If you do feel stuck on a test (often they aren't clear on what they are trying to do), the first step is to check the input and verify that things are all working as you expect them to. If you don't find any bugs, then you can try adding
console.log([].slice.call(arguments.caller.callee.toString()));
to the top of your function. This will show you the source of the test fixture (or at least part of it).It would be nice to be able to mark a suggestion as resolved without having to add a no-content ("Great thanks!") comment.
I agree and understand the intent it's just that some katas', as you mentioned, have a vague description and as a non-native english speaker, I sometimes guess what they want me to do. But I think it's still a nice feature to have, as a newbie programmer, I still have a lot to understand especially when some of the kata's test specs are very tricky that I haven't even experienced and will not really understand what I did wrong.
This is an intended feature. Knowing the tests would make you directly aware of some of the complexities you wouldn't have thought off otherwise.
I can undertand your request, but I think the idea behind code katas and codewars is not to provide software specs so you comply to them, but to force you to write rather generic code that would hold against sneaky edge cases you might not have thought of.

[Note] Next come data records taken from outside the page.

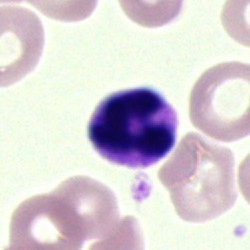 {"cell_type": "neutrophil (segmented)", "lineage": "myeloid"}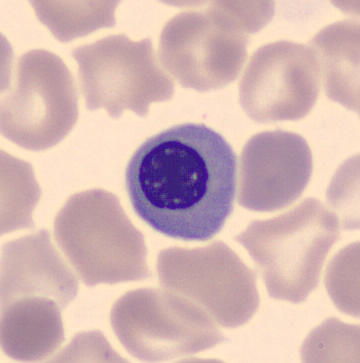 Cell type = erythroblast.
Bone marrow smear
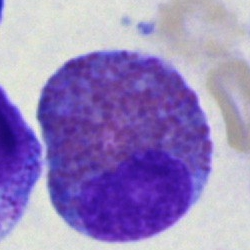 Impression — eosinophil.
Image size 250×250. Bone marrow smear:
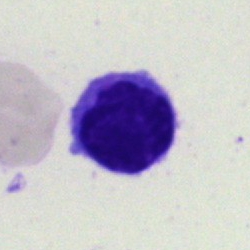
Q: What cell is this?
A: It is a lymphocyte.
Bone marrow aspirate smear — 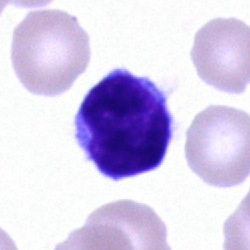 Cell = lymphocyte.
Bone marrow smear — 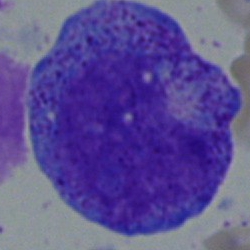Impression — progranulocyte.
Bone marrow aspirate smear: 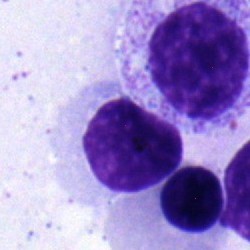
Showing a lymphocyte.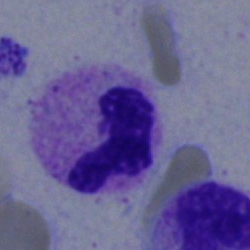
Q: Identify the cell.
A: It is a polymorphonuclear neutrophil.
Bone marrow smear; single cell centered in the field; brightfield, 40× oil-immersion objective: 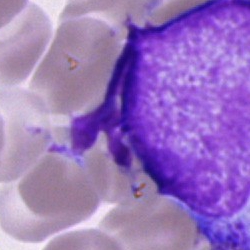
Showing a progranulocyte.

Of course the success of this approach is debatable, as I see some katas where people do just that: write something that complies to the test and that would be a dreadful piece of code to use in enterprise software.
Maybe the issue lies more with the kata's description than with the tests. I think it's a judgment call, and it'd be hard for them to make it work both ways. It's just too bad that some katas try to have you guess while others try to enforce specs that sometime seem silly.
Knowing what the specs of the test is. Sometimes when I try to submit my solution, it's failing on some tests and I don't know what should I change in my code.